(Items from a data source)
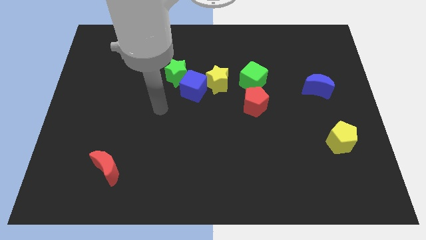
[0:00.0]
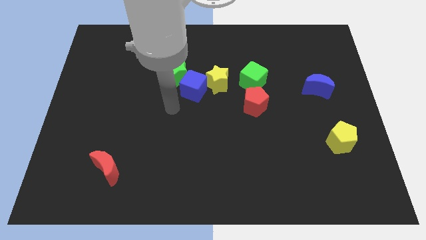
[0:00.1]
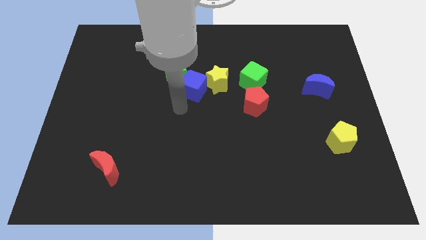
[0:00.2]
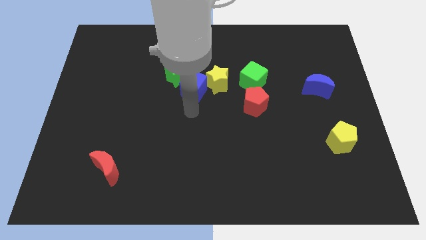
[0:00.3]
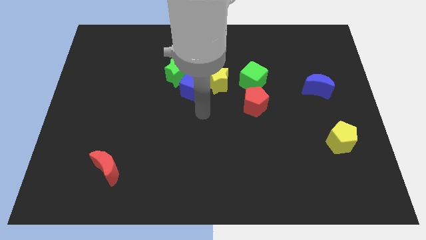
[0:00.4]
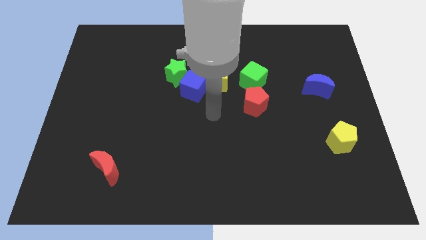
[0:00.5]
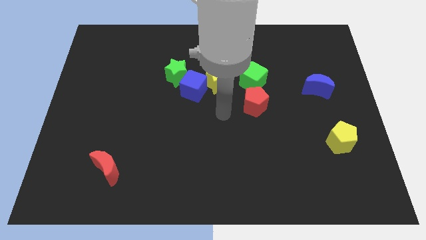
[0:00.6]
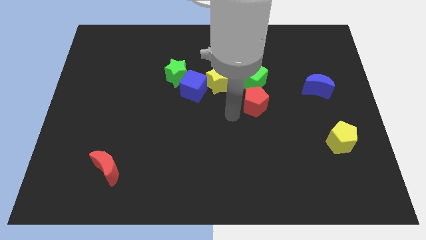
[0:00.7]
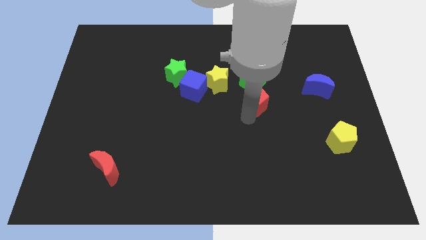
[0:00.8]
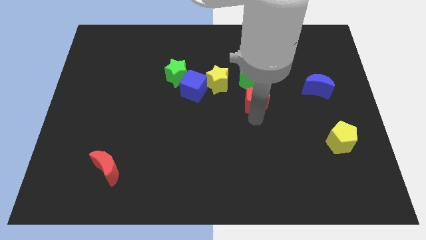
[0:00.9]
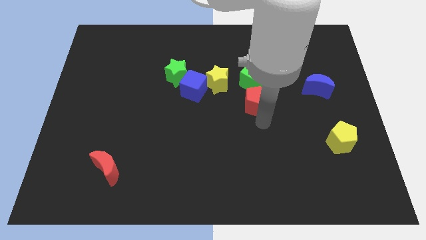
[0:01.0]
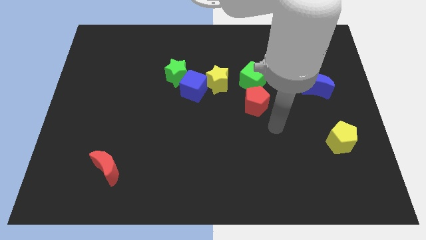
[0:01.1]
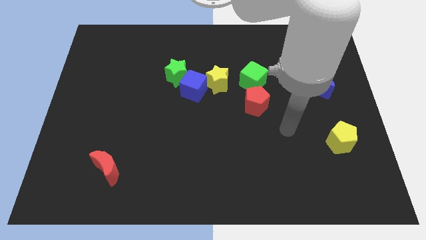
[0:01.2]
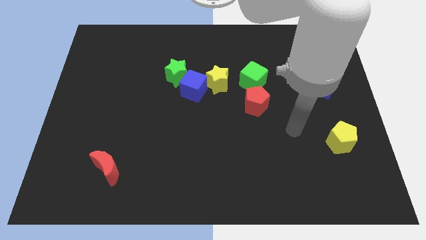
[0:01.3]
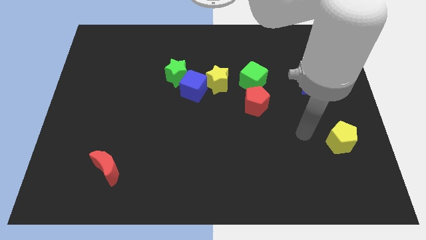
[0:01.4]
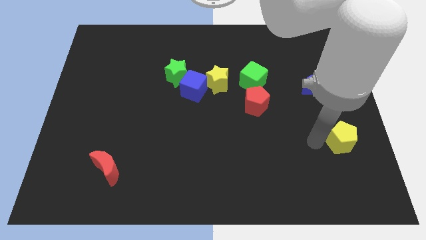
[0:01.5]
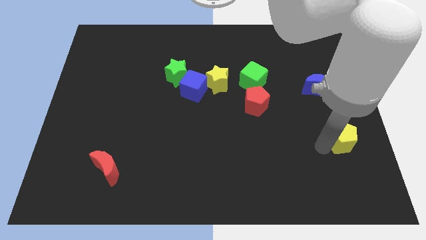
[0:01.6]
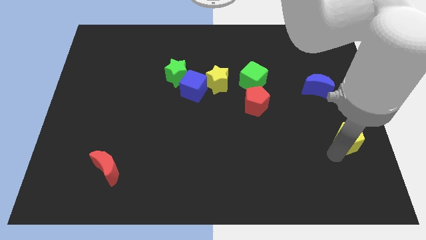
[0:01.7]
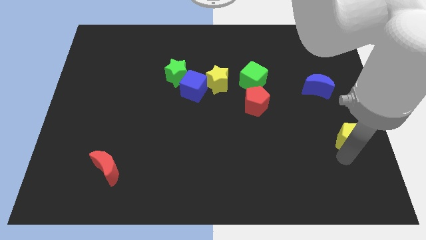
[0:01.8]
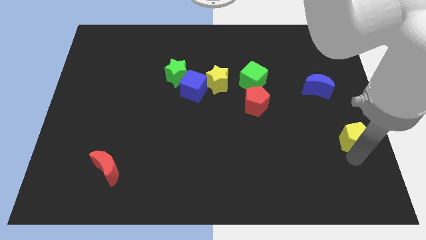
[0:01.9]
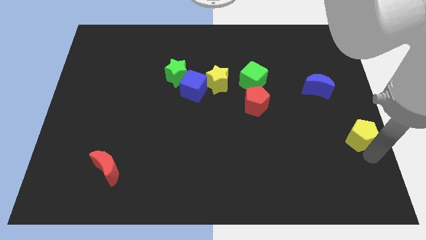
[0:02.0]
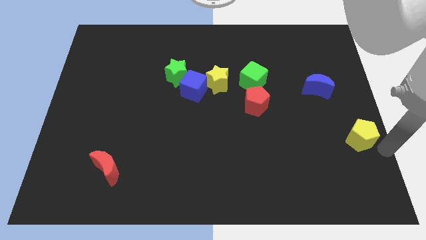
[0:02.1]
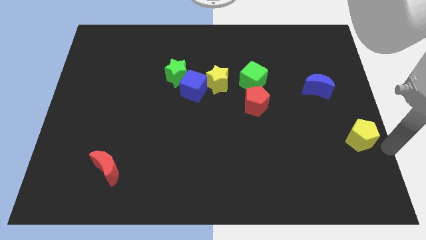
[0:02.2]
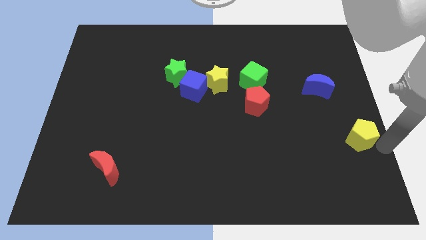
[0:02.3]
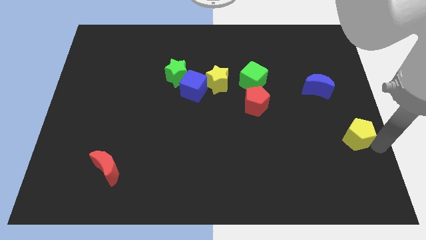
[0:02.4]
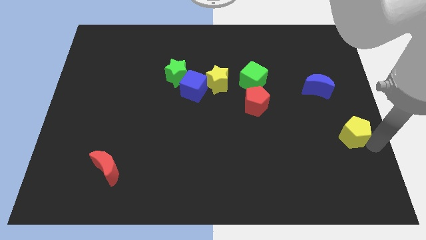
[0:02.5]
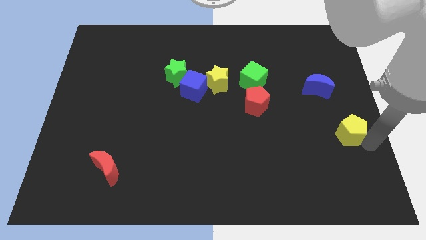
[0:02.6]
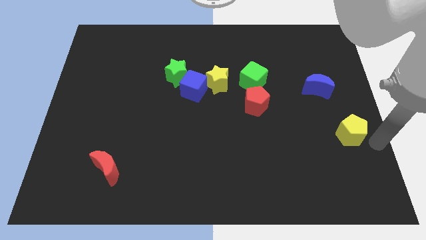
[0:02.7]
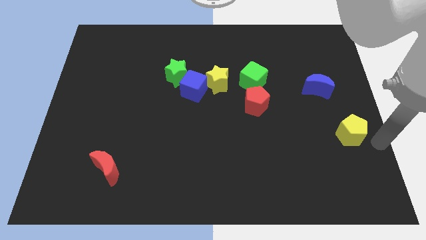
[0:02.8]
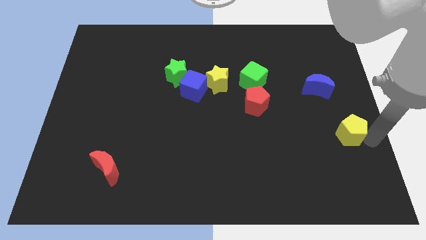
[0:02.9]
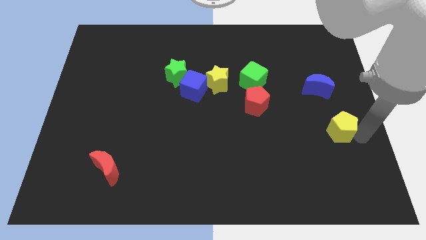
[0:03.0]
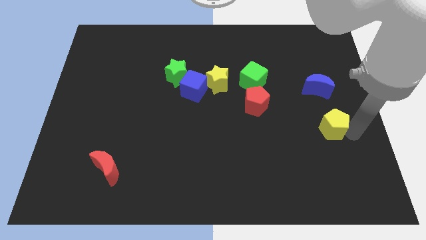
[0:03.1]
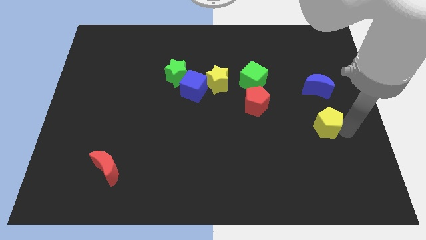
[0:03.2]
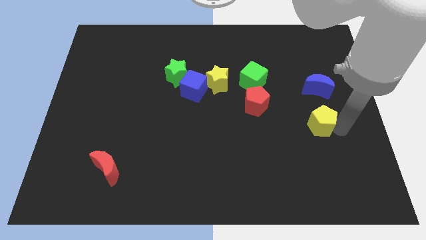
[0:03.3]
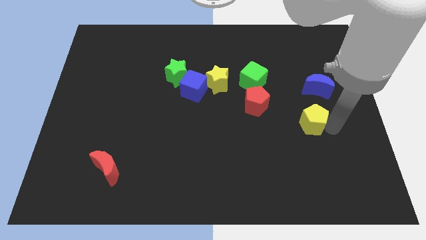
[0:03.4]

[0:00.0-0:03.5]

▶ **Exercise details**: All of the data gets printed again exactly; the pictures do not.

▶ **Solution for this problem**:
[0:00.0]
[0:00.1]
[0:00.2]
[0:00.3]
[0:00.4]
[0:00.5]
[0:00.6]
[0:00.7]
[0:00.8]
[0:00.9]
[0:01.0]
[0:01.1]
[0:01.2]
[0:01.3]
[0:01.4]
[0:01.5]
[0:01.6]
[0:01.7]
[0:01.8]
[0:01.9]
[0:02.0]
[0:02.1]
[0:02.2]
[0:02.3]
[0:02.4]
[0:02.5]
[0:02.6]
[0:02.7]
[0:02.8]
[0:02.9]
[0:03.0]
[0:03.1]
[0:03.2]
[0:03.3]
[0:03.4]

[0:00.0-0:03.5]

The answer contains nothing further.